8 Ways to Stay Creative

Creativity is something critical for all of us. How many times have I found myself blocked in front of a blank page, not knowing where to begin?

Perhaps you have also encountered that situation where you imagine what you want, to the point of visualizing the finished work. You just don’t know how to get there.

It’s not like that story of Michelangelo, who, when asked how he sculpted his nearly five-meter-high David, simply replied that it was easy, that he spent a good amount of time staring at the block of marble until he saw the man who had slain the giant Goliath in it. Then, all he had to do was pick up his tools and remove everything that wasn’t David. It’s perhaps an artistic case of reverse engineering.

The good news is that we are not Michelangelo. We don’t need to reach that level of hallucination.

But regardless of your profession, at some point, you rely on creativity.

However, ideas don’t fall from the sky or magically appear out of thin air. First and foremost, you need to create an environment for them to flourish and grow.

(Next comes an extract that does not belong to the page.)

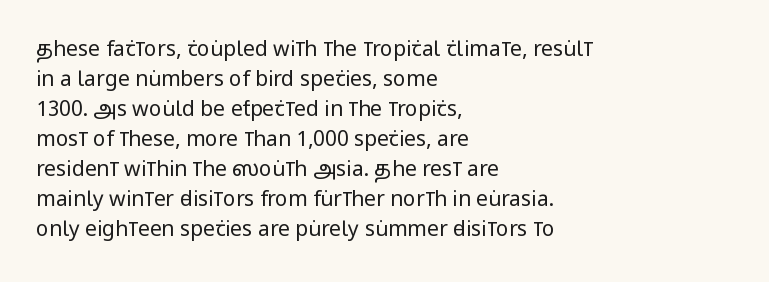
Compared with typical body copy, the letter spacing here is the same. The text block is weighted toward the left margin, trailing off unevenly rightward. The foot of each line stays bare and open. Evenly set lines give the paragraph a standard silhouette. Stroke thickness stays within the range of a standard reading face or lighter.
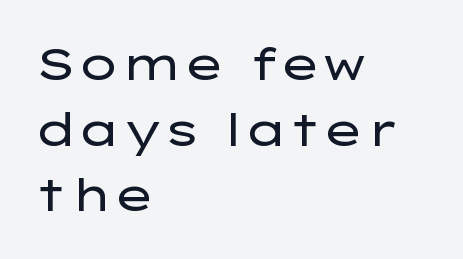
{"serif": "no", "italic": "no", "bold": "no", "weight": "regular", "width": "wide", "stroke_contrast": "low", "x_height": "medium", "monospaced": "no", "underline": "no", "align": "left", "line_spacing": "normal", "line_spacing_ratio": 1.46, "letter_spacing": "normal", "letter_spacing_em": 0.0, "glyph_px": 45}
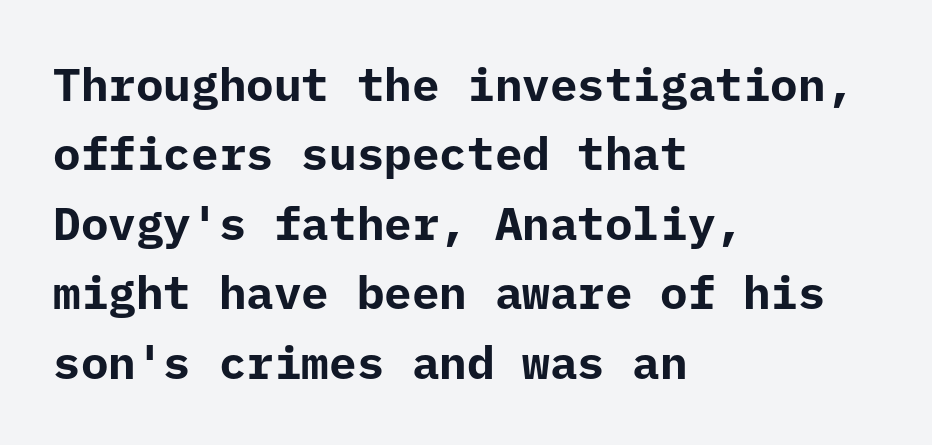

The fact is that over these years, I’ve realized that intuitively there are ways for us to seek inspiration when it refuses to appear.

Here, I mention eight of them. But, of course, there are many others (by the way, if you know of one, please let me know):

1. Don’t fight with your brain. Creativity is like a tide, it ebbs and flows. It doesn’t announce when it’s going to arrive. It’s not something scheduled. An entrepreneur may expect their employee to perform a task at a certain time of day. But they can’t demand that they have a good idea exactly at 9:12 in the morning. So, stop tormenting yourself and give yourself some time..

2. Go for a walk. Take a walk along the beach, in the park, through the streets for at least half an hour. Taking a breather, changing your environment, even if only for a short time, has a powerful effect on the creative proces.

3. Carry a notepad. Put away your iPhone, your iPad, and other gadgets and have a pencil and paper on hand. Manual sketching, doodling, drawing, jotting down anything that comes to mind, it’s all unique and valuable.

4. Do something similar. We learn by copying others. Copy and replicate the style of an artist or a text from a great writer. See what you can assimilate from there. Starting from what already exists, you can create something new. Few things in this world are truly original.

5. Do something different. If you’re a designer, write a text (I’m providing an example right now). If you’re a writer, a journalist, for instance, create drawings. If you’re a professional in the exact sciences, paint pictures. Explore a less familiar territory in your daily life.

6. Change your environment. Break the monotony of your surroundings by changing the place where you usually work. If it’s at home, try moving to a different room for a while. If your activity is in an office, find another room or desk. Go to a library. Step into a bookstore. Remember, you don’t have to enter a café just to have coffee.

7. Brainstorming. This is already a well-known method for generating ideas. But it works. Just jot down everything that comes to mind, without censorship, without filtering or refining the sketch. Anything goes here. Just knowing that much of what you do will be discarded and thrown away already relieves a lot of pressure to create and produce something final.

8. Keep calm. We live in a world of inputs – there’s so much information entering our heads all the time through WhatsApp, the internet, emails, TV, music, newspapers, advertisements, you name it. It can be overwhelming to find space for creative thinking. That’s why I occasionally disconnect from it all, take a break from the outside world, and meditate in my own inner world. Half an hour of silence is worth its weight in gold.

All of this ends up being actions that, in some way, nourish our brains. Images take shape. We feel inspired. It’s the time when we are finally ready to be brilliant and create something memorable.

The bad news is that we are not Michelangelo.